Data in this exercise section start
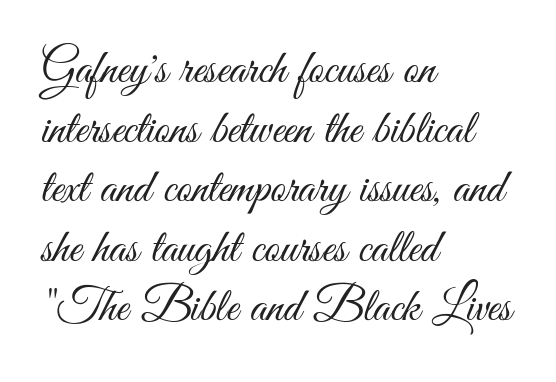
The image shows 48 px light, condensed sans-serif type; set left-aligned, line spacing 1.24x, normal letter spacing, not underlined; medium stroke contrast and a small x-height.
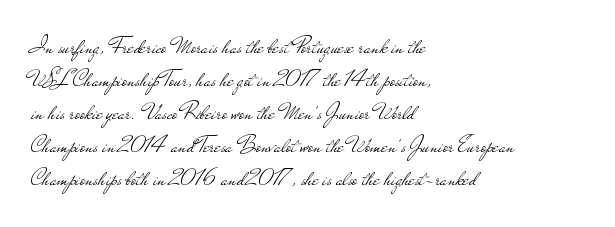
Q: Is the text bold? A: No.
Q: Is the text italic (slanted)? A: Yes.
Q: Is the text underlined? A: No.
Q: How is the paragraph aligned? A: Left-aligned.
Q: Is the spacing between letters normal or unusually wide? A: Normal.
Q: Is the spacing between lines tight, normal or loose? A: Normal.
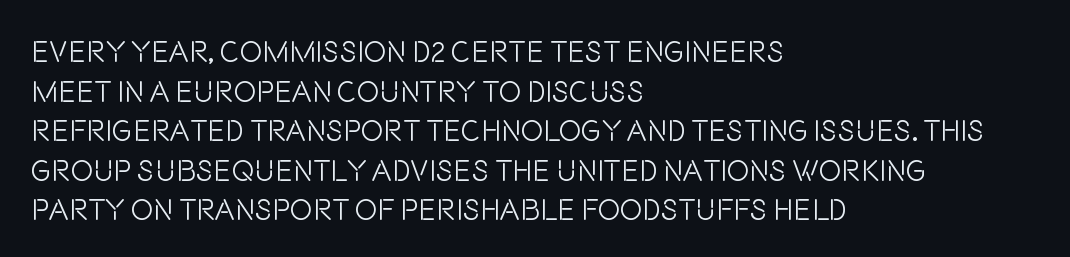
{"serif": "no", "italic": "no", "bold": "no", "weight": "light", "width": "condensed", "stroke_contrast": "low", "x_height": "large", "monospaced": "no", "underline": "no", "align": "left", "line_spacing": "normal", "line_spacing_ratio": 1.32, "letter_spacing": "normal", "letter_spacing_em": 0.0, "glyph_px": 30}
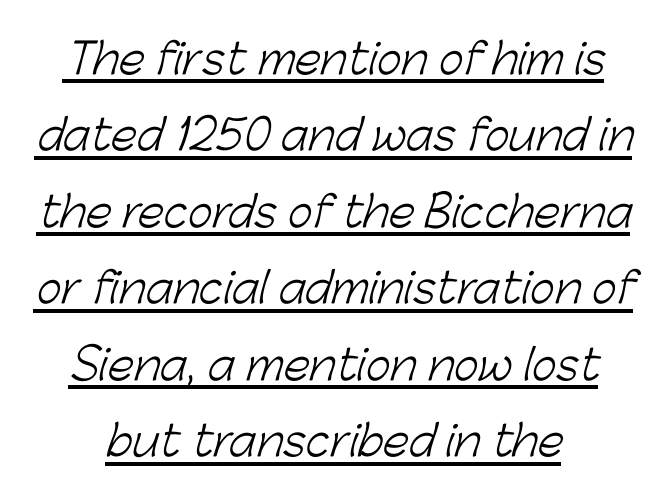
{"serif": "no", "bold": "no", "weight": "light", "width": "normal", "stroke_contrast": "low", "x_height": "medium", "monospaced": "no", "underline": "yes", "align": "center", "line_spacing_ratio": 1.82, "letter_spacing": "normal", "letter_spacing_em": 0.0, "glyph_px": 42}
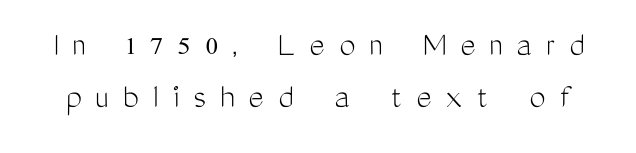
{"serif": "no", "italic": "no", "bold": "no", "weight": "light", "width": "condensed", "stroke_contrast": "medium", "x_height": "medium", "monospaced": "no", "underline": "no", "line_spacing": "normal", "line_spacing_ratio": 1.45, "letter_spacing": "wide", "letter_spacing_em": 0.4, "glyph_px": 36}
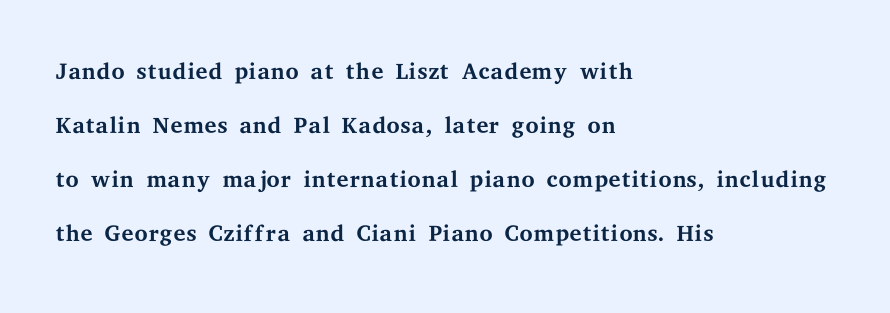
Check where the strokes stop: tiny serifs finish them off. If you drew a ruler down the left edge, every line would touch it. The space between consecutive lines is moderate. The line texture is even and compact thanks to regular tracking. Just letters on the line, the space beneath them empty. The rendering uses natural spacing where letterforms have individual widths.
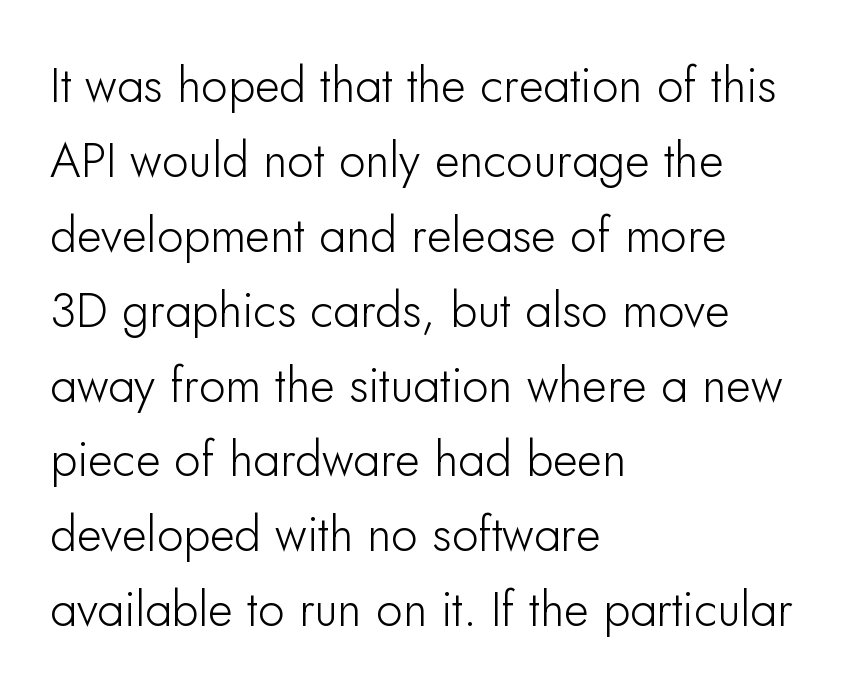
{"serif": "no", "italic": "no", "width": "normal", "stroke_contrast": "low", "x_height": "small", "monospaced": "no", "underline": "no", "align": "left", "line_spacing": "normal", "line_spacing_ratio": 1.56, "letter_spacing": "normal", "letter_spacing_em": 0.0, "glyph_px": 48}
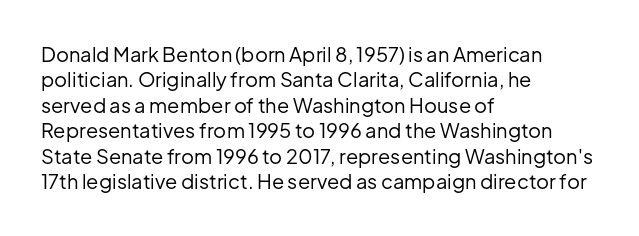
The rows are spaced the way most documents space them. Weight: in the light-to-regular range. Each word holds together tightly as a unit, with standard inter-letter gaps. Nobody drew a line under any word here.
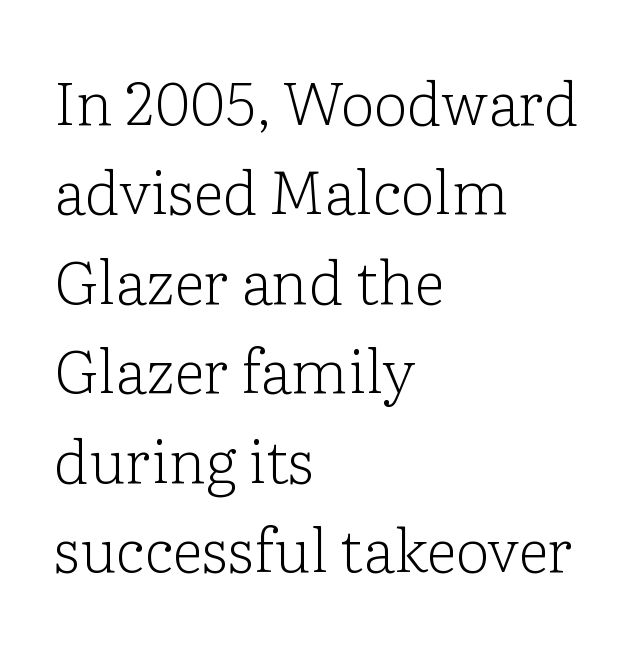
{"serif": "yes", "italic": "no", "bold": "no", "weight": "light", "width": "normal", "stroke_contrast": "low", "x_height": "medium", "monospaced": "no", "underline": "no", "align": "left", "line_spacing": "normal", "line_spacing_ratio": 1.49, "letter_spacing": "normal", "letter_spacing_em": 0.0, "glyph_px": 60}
Data in this exercise section end
Data in this exercise section start
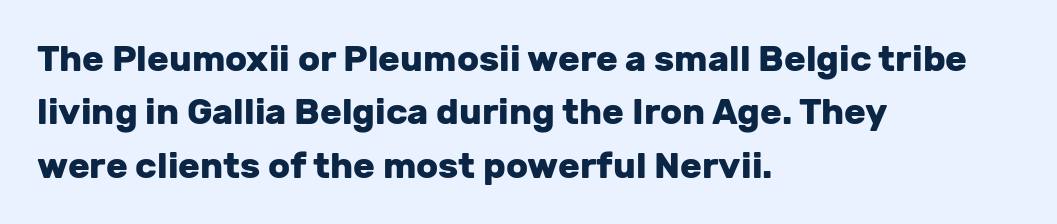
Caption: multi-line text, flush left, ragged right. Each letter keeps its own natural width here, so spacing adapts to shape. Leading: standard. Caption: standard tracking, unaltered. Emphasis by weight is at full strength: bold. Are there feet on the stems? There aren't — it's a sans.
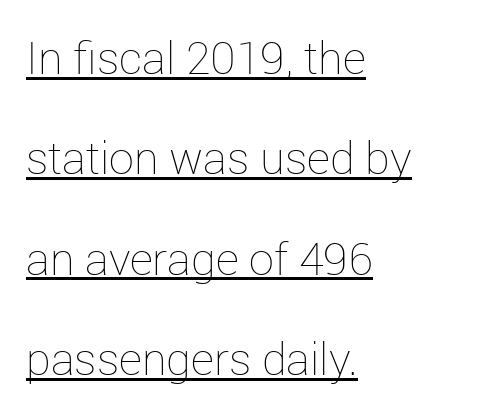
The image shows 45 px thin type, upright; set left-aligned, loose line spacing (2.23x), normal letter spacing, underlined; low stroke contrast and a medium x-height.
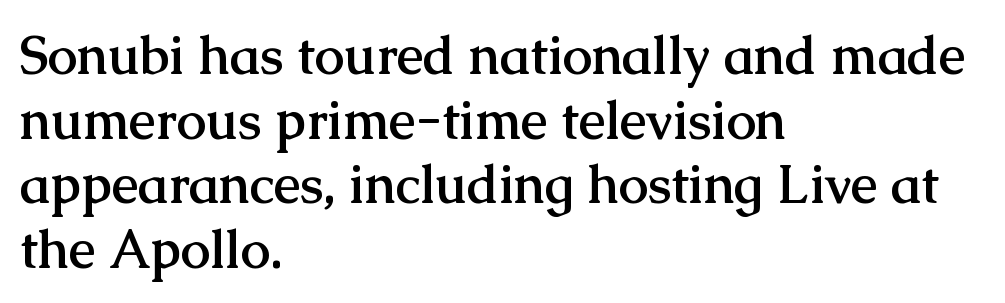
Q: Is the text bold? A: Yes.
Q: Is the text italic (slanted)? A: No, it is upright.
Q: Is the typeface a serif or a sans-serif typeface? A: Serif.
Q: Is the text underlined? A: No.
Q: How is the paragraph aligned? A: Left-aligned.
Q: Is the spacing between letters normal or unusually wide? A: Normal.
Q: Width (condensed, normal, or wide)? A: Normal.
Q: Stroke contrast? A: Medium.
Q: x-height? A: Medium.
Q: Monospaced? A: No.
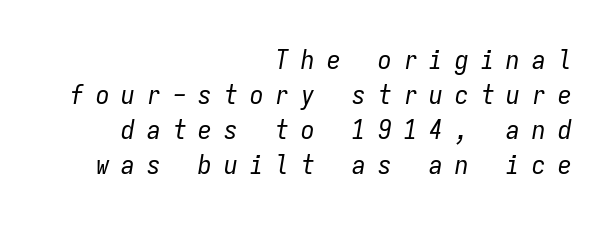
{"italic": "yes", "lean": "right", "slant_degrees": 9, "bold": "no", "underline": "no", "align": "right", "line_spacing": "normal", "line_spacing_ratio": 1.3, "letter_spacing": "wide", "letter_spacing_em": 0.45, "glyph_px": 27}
Data in this exercise section end
» Work request: The answer must be every line from the entries above that holds the string "slanted".

» Your solution:
Q: Is the text italic (slanted)? A: Yes.
Q: Is the text italic (slanted)? A: No, it is upright.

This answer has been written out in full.